■ About this exercise
Give the total of lines holding the word "vision" in the records below, and nothing else.

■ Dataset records
....
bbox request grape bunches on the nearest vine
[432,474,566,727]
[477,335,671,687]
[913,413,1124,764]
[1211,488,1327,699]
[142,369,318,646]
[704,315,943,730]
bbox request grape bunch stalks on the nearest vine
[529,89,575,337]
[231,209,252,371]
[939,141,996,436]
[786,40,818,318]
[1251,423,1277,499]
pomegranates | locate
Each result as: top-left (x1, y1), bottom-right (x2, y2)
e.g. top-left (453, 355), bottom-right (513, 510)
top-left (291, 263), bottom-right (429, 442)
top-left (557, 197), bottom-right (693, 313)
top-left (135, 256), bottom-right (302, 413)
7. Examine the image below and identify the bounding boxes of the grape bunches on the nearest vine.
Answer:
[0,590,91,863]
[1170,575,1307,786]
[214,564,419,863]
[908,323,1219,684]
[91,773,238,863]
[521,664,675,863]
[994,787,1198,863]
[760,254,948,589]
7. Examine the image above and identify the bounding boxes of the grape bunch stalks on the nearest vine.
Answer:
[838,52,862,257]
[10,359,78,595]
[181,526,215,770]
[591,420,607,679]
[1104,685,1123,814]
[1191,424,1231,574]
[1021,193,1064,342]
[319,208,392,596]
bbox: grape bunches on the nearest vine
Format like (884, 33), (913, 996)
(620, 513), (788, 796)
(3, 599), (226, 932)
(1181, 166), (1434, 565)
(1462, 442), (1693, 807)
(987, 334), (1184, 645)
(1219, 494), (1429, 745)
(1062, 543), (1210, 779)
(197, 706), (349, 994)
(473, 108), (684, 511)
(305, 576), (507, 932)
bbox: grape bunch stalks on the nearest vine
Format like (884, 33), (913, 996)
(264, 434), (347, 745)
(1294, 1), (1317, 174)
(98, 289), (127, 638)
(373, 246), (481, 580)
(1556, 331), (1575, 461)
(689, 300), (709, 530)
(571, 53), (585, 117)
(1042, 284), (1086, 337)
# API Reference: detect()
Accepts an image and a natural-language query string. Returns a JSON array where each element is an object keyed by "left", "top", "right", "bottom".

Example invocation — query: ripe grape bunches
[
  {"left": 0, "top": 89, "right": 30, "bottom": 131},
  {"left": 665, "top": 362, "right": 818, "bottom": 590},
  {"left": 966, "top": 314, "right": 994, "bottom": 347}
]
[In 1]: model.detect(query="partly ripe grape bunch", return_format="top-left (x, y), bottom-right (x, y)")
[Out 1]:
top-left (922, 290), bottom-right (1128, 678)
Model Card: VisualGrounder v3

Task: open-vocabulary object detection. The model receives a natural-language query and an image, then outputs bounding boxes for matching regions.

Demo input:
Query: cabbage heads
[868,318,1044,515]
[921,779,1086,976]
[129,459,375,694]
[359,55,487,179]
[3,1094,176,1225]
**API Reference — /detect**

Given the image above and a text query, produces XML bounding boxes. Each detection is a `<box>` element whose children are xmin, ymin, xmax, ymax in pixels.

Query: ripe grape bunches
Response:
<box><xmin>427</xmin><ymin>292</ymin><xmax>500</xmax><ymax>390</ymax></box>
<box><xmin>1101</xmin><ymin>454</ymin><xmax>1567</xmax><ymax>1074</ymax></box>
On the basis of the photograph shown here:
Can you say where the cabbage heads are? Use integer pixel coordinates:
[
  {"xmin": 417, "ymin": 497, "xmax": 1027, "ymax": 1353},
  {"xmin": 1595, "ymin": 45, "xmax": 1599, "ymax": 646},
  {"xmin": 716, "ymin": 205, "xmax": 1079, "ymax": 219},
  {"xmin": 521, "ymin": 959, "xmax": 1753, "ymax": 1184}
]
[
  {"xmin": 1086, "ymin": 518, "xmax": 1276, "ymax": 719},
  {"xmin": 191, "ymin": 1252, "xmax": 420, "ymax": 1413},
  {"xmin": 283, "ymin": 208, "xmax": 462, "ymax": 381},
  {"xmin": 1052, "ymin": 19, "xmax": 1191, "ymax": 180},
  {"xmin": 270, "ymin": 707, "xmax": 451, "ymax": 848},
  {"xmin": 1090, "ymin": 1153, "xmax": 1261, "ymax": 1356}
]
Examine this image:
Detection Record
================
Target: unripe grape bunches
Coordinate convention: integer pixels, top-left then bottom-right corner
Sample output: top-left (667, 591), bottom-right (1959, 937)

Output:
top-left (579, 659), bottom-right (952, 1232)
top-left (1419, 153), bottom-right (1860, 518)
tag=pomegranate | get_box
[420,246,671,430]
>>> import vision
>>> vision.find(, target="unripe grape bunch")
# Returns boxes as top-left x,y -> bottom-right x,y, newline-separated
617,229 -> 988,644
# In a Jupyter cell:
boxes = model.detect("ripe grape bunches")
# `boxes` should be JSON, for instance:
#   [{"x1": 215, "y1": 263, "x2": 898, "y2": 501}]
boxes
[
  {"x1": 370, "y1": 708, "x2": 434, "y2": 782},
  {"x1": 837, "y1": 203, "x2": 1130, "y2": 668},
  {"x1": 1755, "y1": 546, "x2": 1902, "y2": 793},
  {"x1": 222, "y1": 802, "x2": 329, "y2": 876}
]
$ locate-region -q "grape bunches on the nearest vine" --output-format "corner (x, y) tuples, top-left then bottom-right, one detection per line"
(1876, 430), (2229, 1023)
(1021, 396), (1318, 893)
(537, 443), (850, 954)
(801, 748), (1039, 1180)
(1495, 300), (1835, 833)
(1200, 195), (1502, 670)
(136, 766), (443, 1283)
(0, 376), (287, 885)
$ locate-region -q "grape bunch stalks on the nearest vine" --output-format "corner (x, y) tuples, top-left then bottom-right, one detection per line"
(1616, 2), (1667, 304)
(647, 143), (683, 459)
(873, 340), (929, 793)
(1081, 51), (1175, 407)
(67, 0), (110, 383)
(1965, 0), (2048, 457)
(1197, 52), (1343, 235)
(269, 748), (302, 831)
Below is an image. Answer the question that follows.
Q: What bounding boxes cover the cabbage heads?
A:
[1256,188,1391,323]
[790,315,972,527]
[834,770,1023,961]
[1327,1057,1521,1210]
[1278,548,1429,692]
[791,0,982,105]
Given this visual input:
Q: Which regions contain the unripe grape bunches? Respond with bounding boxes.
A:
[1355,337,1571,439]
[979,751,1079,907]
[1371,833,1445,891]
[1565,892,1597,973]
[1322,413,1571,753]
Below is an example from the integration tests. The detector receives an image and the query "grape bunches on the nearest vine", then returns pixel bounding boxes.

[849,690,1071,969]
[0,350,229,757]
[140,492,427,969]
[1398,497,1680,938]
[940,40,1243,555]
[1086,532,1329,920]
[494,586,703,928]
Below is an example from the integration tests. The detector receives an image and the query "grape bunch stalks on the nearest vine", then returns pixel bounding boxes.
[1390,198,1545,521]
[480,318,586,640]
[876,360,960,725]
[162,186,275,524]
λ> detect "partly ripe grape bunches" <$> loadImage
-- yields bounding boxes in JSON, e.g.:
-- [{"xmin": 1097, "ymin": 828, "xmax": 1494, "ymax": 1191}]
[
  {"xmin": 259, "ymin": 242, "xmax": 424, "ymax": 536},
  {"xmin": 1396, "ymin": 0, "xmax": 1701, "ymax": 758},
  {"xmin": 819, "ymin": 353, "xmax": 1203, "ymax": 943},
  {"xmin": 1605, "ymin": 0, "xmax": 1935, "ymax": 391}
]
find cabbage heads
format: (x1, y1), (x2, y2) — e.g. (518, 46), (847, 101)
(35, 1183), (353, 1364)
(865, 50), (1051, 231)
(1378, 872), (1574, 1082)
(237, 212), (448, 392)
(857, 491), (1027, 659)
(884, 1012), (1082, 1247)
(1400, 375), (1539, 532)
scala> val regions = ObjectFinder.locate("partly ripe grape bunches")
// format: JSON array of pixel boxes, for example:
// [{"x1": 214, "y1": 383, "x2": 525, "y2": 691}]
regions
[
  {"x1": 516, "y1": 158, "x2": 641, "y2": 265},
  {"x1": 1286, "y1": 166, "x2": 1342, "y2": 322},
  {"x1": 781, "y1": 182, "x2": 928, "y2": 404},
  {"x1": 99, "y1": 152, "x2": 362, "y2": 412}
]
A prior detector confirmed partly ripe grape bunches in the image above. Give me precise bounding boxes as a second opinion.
....
■ Solution below
2